The datasets can be found at http://biomine.ece.ualberta.ca/nSITEpred/

2.2 Evaluation criteria and test procedure

We use 5-fold cross validation to assess predictions on Dataset 1. Dataset 2 and 3 are used as independent datasets to assess the prediction models that are built utilizing Dataset 1. The sequences in Dataset 1 are randomly divided into 5-folds, of which four are used for training and the one for testing; each of the 5-folds is used once as the test fold. We evaluate (i) the binary value that defines whether a given residue does or does not bind to a given nucleotide; and (ii) the real value that quantifies the probability of binding to the nucleotide. The binary predictions were assessed using five measures: Precision(PREC)=TP/(TP+FP); Recall(REC)=TP/(TP+FN); Specificity(SPEC)=TN/(FP+TN); Accuracy(ACC)=(TP+TN)/(TP+FP+TN+FN); MCC=(TP*TN––FP*FN)/sqrt[(TP+FP)*(TP+FN)*(TN+FP)*(TN+FN)] where TP (true positives) and TN (true negatives) are the counts of correctly predicted binding and non-binding residues, respectively, FP (false positives) are non-binding residues that were predicted as binding, and FN (false negatives) are binding residues that were predicted as non-binding. The precision, recall and specificity evaluate quality of predictions for the predicted binding residues, native binding residues and native non-binding residues, respectively. The Matthews correlation coefficient (MCC) evaluates the overall predictive quality. MCC values are between −1 and 1 with higher values for better predictions; 0 means that all residues are predicted as binding (or non-binding).
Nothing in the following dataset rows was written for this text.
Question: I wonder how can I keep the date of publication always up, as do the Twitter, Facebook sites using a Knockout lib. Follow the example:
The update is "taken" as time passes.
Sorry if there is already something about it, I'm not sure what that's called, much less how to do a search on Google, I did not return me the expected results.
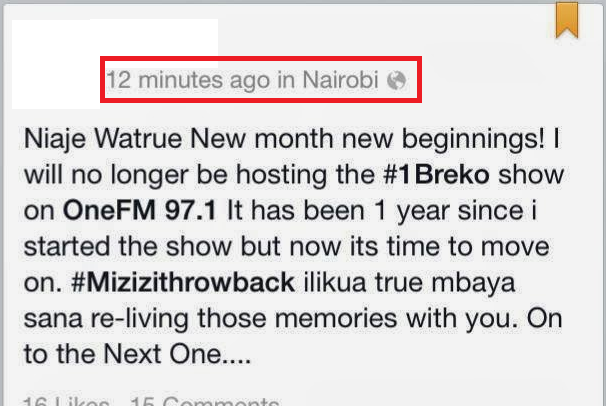
Answer: there you go, using <URL> for date parsing
'''
var updateInterval = 5 * 1000; // update every 5 seconds
var postDate = new Date(); // this supposed to be the post date
function model() {
var self = this;
this.relativeTime = ko.observable();
setInterval(function() {
self.relativeTime( Date.create( postDate ).relative() );
}, updateInterval);
}
ko.applyBindings( new model() );
'''
<URL>

The receiver operating characteristic (ROC) curves were used to examine the predicted probabilities. For each value of probability P achieved by a given method (between 0 and 1), all residues with probability ≥ P are set as the binding residue and all other residues are set as the non-binding residues. Next, the TP−rate=TP/(TP+FN) and the FP-rate=FP/(FP+TN) are calculated to draw the ROC curve and we use the area under the curve (AUC) to quantify the predictive quality. Unlike the measures that assess the binary predictions, which depend on the cutoff threshold to define binding/non-binding residues, the AUC value considers all possible thresholds and thus it provides a more comprehensive evaluation.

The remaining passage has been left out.